**Your assignment**
Reproduce the entries that follow, exactly and in full.

Start of Material shown

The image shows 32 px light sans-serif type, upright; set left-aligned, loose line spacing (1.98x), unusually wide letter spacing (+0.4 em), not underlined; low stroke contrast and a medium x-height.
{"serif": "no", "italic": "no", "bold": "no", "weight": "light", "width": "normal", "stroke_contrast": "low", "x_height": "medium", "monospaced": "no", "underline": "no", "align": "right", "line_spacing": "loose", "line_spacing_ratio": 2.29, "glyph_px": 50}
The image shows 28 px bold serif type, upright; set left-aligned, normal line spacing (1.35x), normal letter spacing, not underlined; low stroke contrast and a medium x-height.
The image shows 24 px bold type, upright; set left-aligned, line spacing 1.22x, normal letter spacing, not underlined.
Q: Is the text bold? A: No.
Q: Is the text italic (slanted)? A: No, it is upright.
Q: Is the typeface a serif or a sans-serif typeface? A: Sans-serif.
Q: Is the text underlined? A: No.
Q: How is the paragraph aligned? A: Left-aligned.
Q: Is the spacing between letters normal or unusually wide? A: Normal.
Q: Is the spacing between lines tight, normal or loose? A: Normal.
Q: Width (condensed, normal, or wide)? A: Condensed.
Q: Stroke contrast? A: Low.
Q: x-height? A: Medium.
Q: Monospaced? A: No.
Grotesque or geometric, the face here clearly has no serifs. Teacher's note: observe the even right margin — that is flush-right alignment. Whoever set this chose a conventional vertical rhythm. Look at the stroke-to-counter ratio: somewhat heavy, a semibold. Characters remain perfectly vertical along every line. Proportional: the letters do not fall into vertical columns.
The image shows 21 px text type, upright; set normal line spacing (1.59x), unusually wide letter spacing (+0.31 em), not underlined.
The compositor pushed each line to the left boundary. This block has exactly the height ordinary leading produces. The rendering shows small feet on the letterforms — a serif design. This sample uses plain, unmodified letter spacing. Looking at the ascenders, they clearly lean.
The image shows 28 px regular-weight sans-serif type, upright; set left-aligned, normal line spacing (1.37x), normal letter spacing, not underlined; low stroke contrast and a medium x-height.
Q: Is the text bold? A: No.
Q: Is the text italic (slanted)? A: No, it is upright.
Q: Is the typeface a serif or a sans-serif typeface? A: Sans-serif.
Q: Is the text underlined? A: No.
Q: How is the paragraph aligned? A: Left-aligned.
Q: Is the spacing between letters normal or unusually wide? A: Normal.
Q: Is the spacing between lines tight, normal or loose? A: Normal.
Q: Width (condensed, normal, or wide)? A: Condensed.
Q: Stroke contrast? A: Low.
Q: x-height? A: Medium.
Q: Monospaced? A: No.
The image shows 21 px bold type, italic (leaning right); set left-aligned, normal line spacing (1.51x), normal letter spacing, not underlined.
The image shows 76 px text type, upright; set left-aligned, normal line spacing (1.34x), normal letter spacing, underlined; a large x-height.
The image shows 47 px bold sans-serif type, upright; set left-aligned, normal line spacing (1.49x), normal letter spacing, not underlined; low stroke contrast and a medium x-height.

End of Material shown

**Solution below**
The image shows 32 px light sans-serif type, upright; set left-aligned, loose line spacing (1.98x), unusually wide letter spacing (+0.4 em), not underlined; low stroke contrast and a medium x-height.
{"serif": "no", "italic": "no", "bold": "no", "weight": "light", "width": "normal", "stroke_contrast": "low", "x_height": "medium", "monospaced": "no", "underline": "no", "align": "right", "line_spacing": "loose", "line_spacing_ratio": 2.29, "glyph_px": 50}
The image shows 28 px bold serif type, upright; set left-aligned, normal line spacing (1.35x), normal letter spacing, not underlined; low stroke contrast and a medium x-height.
The image shows 24 px bold type, upright; set left-aligned, line spacing 1.22x, normal letter spacing, not underlined.
Q: Is the text bold? A: No.
Q: Is the text italic (slanted)? A: No, it is upright.
Q: Is the typeface a serif or a sans-serif typeface? A: Sans-serif.
Q: Is the text underlined? A: No.
Q: How is the paragraph aligned? A: Left-aligned.
Q: Is the spacing between letters normal or unusually wide? A: Normal.
Q: Is the spacing between lines tight, normal or loose? A: Normal.
Q: Width (condensed, normal, or wide)? A: Condensed.
Q: Stroke contrast? A: Low.
Q: x-height? A: Medium.
Q: Monospaced? A: No.
Grotesque or geometric, the face here clearly has no serifs. Teacher's note: observe the even right margin — that is flush-right alignment. Whoever set this chose a conventional vertical rhythm. Look at the stroke-to-counter ratio: somewhat heavy, a semibold. Characters remain perfectly vertical along every line. Proportional: the letters do not fall into vertical columns.
The image shows 21 px text type, upright; set normal line spacing (1.59x), unusually wide letter spacing (+0.31 em), not underlined.
The compositor pushed each line to the left boundary. This block has exactly the height ordinary leading produces. The rendering shows small feet on the letterforms — a serif design. This sample uses plain, unmodified letter spacing. Looking at the ascenders, they clearly lean.
The image shows 28 px regular-weight sans-serif type, upright; set left-aligned, normal line spacing (1.37x), normal letter spacing, not underlined; low stroke contrast and a medium x-height.
Q: Is the text bold? A: No.
Q: Is the text italic (slanted)? A: No, it is upright.
Q: Is the typeface a serif or a sans-serif typeface? A: Sans-serif.
Q: Is the text underlined? A: No.
Q: How is the paragraph aligned? A: Left-aligned.
Q: Is the spacing between letters normal or unusually wide? A: Normal.
Q: Is the spacing between lines tight, normal or loose? A: Normal.
Q: Width (condensed, normal, or wide)? A: Condensed.
Q: Stroke contrast? A: Low.
Q: x-height? A: Medium.
Q: Monospaced? A: No.
The image shows 21 px bold type, italic (leaning right); set left-aligned, normal line spacing (1.51x), normal letter spacing, not underlined.
The image shows 76 px text type, upright; set left-aligned, normal line spacing (1.34x), normal letter spacing, underlined; a large x-height.
The image shows 47 px bold sans-serif type, upright; set left-aligned, normal line spacing (1.49x), normal letter spacing, not underlined; low stroke contrast and a medium x-height.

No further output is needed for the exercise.